### ENTRIES PROVIDED
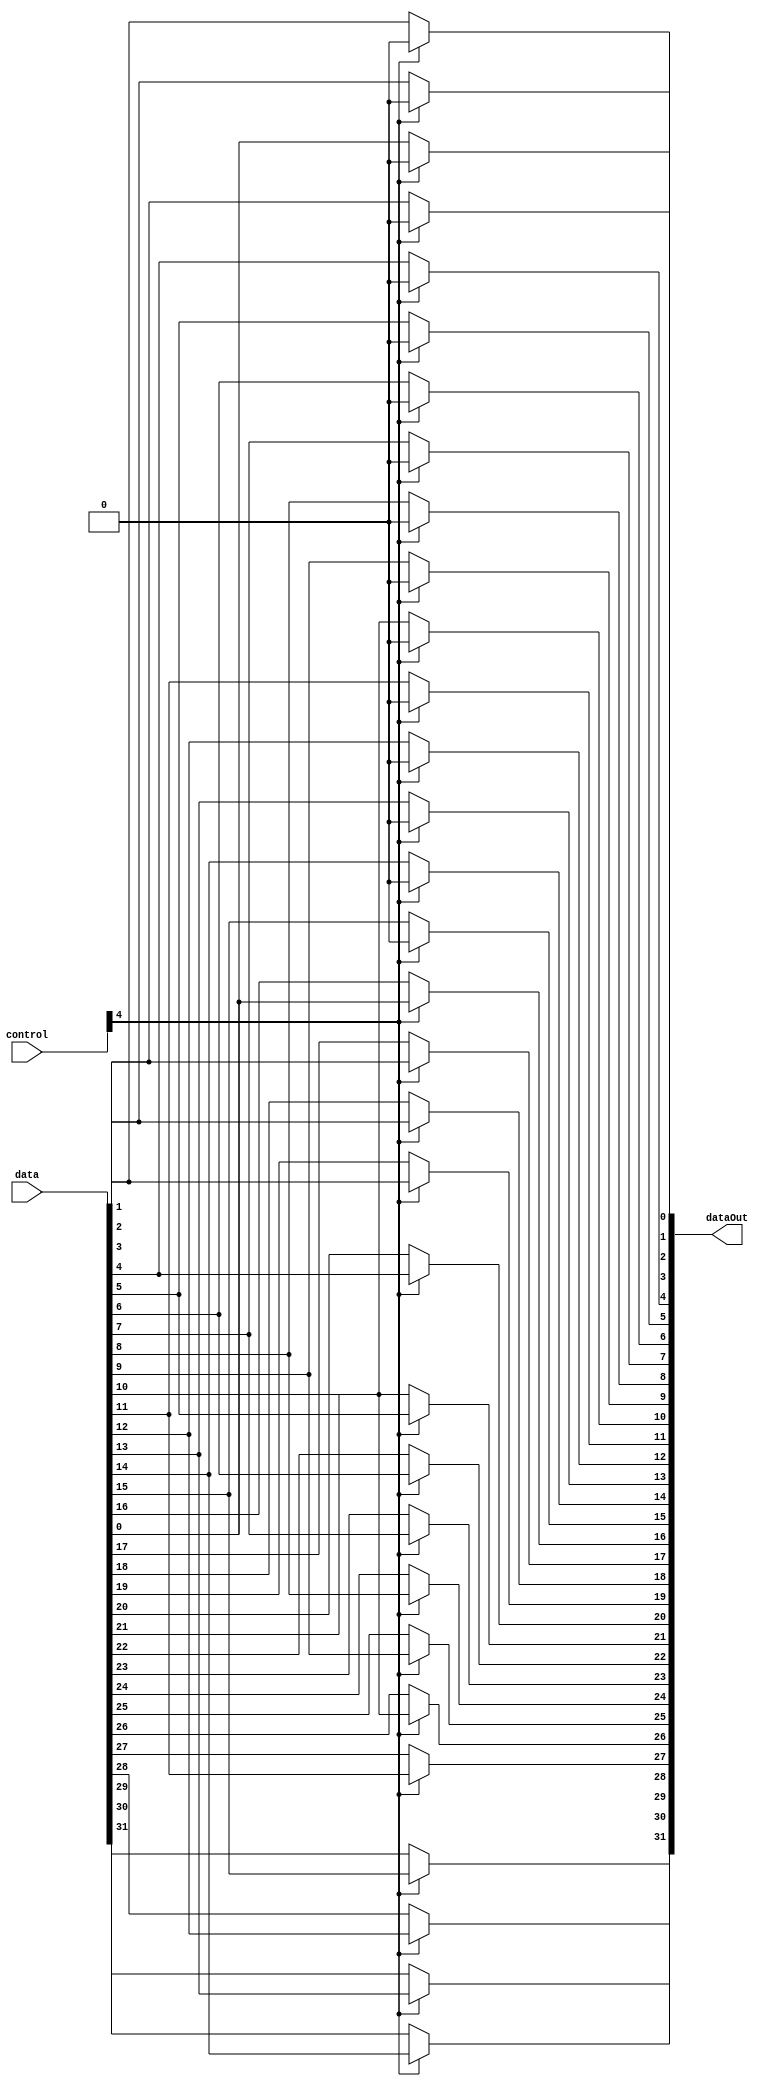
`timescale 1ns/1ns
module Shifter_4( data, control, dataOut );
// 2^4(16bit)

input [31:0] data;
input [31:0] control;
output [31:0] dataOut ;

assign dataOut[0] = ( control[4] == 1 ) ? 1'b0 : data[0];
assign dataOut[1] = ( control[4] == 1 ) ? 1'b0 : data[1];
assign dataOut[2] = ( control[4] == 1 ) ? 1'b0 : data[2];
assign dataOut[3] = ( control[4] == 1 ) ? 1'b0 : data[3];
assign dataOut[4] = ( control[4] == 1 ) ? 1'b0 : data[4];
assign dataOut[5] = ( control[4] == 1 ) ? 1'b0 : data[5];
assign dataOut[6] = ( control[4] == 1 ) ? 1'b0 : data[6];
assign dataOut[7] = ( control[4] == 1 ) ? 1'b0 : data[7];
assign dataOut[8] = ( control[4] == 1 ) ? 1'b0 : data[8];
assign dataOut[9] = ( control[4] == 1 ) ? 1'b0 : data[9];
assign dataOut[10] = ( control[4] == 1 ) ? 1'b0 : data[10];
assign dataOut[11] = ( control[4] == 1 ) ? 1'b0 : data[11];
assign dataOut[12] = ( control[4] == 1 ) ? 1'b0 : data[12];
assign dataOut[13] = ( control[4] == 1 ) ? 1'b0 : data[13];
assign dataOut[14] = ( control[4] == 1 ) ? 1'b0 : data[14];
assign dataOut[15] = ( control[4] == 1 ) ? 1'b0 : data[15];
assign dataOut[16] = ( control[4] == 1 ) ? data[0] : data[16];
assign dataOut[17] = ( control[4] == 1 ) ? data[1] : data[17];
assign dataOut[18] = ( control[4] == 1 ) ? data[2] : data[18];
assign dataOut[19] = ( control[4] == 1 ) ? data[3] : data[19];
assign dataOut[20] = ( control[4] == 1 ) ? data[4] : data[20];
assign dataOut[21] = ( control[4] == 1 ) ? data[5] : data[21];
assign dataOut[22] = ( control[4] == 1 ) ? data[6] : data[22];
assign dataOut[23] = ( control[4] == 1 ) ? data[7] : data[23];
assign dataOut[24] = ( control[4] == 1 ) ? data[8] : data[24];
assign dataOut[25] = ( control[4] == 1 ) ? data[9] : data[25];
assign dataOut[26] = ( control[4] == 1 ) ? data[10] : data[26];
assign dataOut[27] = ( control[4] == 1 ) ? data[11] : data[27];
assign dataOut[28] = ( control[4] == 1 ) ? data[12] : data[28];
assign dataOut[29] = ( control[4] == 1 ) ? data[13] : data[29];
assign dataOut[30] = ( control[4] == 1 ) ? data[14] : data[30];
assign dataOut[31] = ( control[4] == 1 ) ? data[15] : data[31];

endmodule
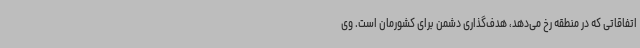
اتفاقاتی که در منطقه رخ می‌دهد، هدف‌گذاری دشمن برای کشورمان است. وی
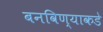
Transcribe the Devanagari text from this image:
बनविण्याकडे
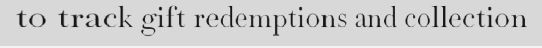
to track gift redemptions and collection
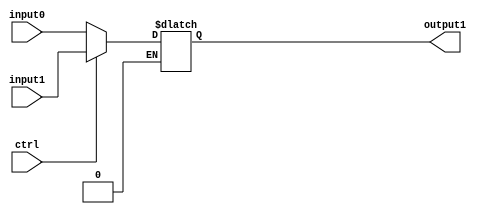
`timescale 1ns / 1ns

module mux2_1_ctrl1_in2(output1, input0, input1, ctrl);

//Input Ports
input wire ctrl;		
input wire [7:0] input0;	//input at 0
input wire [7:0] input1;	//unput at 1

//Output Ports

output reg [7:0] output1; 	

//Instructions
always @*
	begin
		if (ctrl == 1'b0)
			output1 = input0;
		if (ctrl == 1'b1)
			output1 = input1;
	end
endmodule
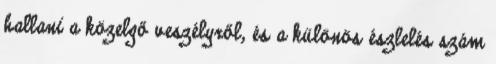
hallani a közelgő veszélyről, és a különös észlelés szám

### PROBLEM TO SOLVE
Everything above from the line containing "assign dataOut[10] = ( control[4]" down to the line containing "assign dataOut[28] = ( control[4]" is to be transcribed exactly, with both of those lines included and nothing else added.

### SOLVED EXERCISE
assign dataOut[10] = ( control[4] == 1 ) ? 1'b0 : data[10];
assign dataOut[11] = ( control[4] == 1 ) ? 1'b0 : data[11];
assign dataOut[12] = ( control[4] == 1 ) ? 1'b0 : data[12];
assign dataOut[13] = ( control[4] == 1 ) ? 1'b0 : data[13];
assign dataOut[14] = ( control[4] == 1 ) ? 1'b0 : data[14];
assign dataOut[15] = ( control[4] == 1 ) ? 1'b0 : data[15];
assign dataOut[16] = ( control[4] == 1 ) ? data[0] : data[16];
assign dataOut[17] = ( control[4] == 1 ) ? data[1] : data[17];
assign dataOut[18] = ( control[4] == 1 ) ? data[2] : data[18];
assign dataOut[19] = ( control[4] == 1 ) ? data[3] : data[19];
assign dataOut[20] = ( control[4] == 1 ) ? data[4] : data[20];
assign dataOut[21] = ( control[4] == 1 ) ? data[5] : data[21];
assign dataOut[22] = ( control[4] == 1 ) ? data[6] : data[22];
assign dataOut[23] = ( control[4] == 1 ) ? data[7] : data[23];
assign dataOut[24] = ( control[4] == 1 ) ? data[8] : data[24];
assign dataOut[25] = ( control[4] == 1 ) ? data[9] : data[25];
assign dataOut[26] = ( control[4] == 1 ) ? data[10] : data[26];
assign dataOut[27] = ( control[4] == 1 ) ? data[11] : data[27];
assign dataOut[28] = ( control[4] == 1 ) ? data[12] : data[28];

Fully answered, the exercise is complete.